[SUPPLIED INFORMATION]

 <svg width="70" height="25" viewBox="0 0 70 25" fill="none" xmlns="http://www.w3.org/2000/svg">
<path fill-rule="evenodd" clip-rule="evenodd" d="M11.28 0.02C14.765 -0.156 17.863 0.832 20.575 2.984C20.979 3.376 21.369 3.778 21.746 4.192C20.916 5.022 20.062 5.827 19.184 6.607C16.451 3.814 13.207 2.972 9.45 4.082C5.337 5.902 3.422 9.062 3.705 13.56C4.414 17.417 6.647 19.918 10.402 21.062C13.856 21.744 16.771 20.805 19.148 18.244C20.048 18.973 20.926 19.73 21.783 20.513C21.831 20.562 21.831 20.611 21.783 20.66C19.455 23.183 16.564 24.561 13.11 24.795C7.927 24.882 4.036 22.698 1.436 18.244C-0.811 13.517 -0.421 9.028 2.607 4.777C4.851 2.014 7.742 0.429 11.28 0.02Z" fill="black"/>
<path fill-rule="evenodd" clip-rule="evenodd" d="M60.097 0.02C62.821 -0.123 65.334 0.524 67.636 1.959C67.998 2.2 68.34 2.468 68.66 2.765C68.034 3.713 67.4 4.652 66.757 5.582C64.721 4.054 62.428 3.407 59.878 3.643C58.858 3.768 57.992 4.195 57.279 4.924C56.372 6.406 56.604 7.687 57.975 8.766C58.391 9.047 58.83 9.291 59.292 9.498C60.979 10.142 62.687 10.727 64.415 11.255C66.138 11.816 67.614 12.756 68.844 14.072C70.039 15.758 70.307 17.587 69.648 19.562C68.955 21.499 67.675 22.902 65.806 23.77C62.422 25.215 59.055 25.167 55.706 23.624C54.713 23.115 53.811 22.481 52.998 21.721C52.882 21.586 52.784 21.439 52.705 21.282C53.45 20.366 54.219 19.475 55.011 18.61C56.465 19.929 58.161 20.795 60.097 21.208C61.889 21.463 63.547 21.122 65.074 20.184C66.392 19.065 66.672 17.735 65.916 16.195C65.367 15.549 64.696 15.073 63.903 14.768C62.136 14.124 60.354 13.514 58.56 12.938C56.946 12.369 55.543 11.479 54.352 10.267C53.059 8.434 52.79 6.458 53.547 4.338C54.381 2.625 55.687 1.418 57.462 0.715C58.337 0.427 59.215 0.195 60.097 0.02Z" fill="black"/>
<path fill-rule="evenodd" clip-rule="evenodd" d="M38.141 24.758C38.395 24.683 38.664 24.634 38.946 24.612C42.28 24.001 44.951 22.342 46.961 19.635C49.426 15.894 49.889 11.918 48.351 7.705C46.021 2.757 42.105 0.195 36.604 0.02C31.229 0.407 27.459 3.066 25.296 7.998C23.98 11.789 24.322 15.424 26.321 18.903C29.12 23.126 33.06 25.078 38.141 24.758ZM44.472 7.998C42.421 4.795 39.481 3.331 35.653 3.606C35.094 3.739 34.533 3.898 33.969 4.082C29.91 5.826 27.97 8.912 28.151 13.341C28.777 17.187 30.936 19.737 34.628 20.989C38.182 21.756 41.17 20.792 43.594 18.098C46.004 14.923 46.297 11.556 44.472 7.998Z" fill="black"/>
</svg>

[/SUPPLIED INFORMATION]
[SUPPLIED INFORMATION]

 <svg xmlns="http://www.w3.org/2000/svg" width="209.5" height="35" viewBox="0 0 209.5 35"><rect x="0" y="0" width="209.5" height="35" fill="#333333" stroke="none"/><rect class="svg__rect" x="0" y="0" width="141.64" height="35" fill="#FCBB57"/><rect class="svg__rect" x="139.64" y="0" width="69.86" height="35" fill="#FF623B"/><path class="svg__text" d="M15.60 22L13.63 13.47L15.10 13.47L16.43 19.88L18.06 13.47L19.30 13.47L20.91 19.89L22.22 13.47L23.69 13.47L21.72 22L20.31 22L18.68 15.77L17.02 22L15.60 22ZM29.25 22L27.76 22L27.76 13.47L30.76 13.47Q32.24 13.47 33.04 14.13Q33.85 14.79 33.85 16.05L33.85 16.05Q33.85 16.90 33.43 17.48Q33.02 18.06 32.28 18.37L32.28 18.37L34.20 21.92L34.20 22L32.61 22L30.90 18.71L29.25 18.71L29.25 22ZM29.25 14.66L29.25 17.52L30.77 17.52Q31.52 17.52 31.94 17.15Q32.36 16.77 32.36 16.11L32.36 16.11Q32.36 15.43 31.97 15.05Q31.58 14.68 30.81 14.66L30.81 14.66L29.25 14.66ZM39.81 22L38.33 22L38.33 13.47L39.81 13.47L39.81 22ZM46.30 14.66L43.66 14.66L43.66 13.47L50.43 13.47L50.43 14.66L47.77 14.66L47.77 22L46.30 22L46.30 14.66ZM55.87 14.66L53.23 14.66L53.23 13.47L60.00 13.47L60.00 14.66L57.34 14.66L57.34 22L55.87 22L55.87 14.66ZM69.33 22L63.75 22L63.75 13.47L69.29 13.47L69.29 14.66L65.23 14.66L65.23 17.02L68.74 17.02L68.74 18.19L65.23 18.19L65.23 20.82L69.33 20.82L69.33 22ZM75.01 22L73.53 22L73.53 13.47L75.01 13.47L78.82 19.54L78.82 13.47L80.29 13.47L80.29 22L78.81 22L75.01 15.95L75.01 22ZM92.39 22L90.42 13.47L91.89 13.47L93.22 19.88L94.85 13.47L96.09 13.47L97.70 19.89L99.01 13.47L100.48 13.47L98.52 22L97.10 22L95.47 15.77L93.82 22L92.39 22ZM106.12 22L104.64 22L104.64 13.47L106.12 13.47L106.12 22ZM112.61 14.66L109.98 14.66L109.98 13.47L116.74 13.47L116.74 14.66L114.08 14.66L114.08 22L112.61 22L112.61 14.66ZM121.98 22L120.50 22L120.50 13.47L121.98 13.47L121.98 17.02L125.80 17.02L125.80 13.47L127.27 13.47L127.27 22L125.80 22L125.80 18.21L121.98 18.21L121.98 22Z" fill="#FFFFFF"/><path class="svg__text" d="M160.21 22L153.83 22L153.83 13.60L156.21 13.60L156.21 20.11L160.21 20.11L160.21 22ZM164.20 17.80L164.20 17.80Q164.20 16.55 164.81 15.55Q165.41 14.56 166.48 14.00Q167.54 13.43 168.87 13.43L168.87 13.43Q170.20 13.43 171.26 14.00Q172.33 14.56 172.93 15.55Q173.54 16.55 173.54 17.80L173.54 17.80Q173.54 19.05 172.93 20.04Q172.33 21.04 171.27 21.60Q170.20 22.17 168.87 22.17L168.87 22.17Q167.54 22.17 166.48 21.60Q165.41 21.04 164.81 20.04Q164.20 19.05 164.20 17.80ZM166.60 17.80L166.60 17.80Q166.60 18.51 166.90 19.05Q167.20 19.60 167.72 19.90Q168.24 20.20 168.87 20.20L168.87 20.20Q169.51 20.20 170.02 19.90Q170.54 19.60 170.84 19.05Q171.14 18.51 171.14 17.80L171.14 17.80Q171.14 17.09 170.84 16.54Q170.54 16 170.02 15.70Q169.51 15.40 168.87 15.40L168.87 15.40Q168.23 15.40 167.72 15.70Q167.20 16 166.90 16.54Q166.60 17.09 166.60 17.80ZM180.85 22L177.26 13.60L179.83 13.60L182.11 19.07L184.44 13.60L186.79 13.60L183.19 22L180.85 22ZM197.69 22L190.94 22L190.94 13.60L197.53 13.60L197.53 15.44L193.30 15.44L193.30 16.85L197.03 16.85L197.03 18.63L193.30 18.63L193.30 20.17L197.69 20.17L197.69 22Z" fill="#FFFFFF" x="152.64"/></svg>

[/SUPPLIED INFORMATION]

WORK ITEM => Of the lines above, extract only those from the line with "0.02C14.765 -0.156 17.863" to the line with "0.02C62.821 -0.123 65.334", both included, exactly as written.

TASK OUTPUT =>
<path fill-rule="evenodd" clip-rule="evenodd" d="M11.28 0.02C14.765 -0.156 17.863 0.832 20.575 2.984C20.979 3.376 21.369 3.778 21.746 4.192C20.916 5.022 20.062 5.827 19.184 6.607C16.451 3.814 13.207 2.972 9.45 4.082C5.337 5.902 3.422 9.062 3.705 13.56C4.414 17.417 6.647 19.918 10.402 21.062C13.856 21.744 16.771 20.805 19.148 18.244C20.048 18.973 20.926 19.73 21.783 20.513C21.831 20.562 21.831 20.611 21.783 20.66C19.455 23.183 16.564 24.561 13.11 24.795C7.927 24.882 4.036 22.698 1.436 18.244C-0.811 13.517 -0.421 9.028 2.607 4.777C4.851 2.014 7.742 0.429 11.28 0.02Z" fill="black"/>
<path fill-rule="evenodd" clip-rule="evenodd" d="M60.097 0.02C62.821 -0.123 65.334 0.524 67.636 1.959C67.998 2.2 68.34 2.468 68.66 2.765C68.034 3.713 67.4 4.652 66.757 5.582C64.721 4.054 62.428 3.407 59.878 3.643C58.858 3.768 57.992 4.195 57.279 4.924C56.372 6.406 56.604 7.687 57.975 8.766C58.391 9.047 58.83 9.291 59.292 9.498C60.979 10.142 62.687 10.727 64.415 11.255C66.138 11.816 67.614 12.756 68.844 14.072C70.039 15.758 70.307 17.587 69.648 19.562C68.955 21.499 67.675 22.902 65.806 23.77C62.422 25.215 59.055 25.167 55.706 23.624C54.713 23.115 53.811 22.481 52.998 21.721C52.882 21.586 52.784 21.439 52.705 21.282C53.45 20.366 54.219 19.475 55.011 18.61C56.465 19.929 58.161 20.795 60.097 21.208C61.889 21.463 63.547 21.122 65.074 20.184C66.392 19.065 66.672 17.735 65.916 16.195C65.367 15.549 64.696 15.073 63.903 14.768C62.136 14.124 60.354 13.514 58.56 12.938C56.946 12.369 55.543 11.479 54.352 10.267C53.059 8.434 52.79 6.458 53.547 4.338C54.381 2.625 55.687 1.418 57.462 0.715C58.337 0.427 59.215 0.195 60.097 0.02Z" fill="black"/>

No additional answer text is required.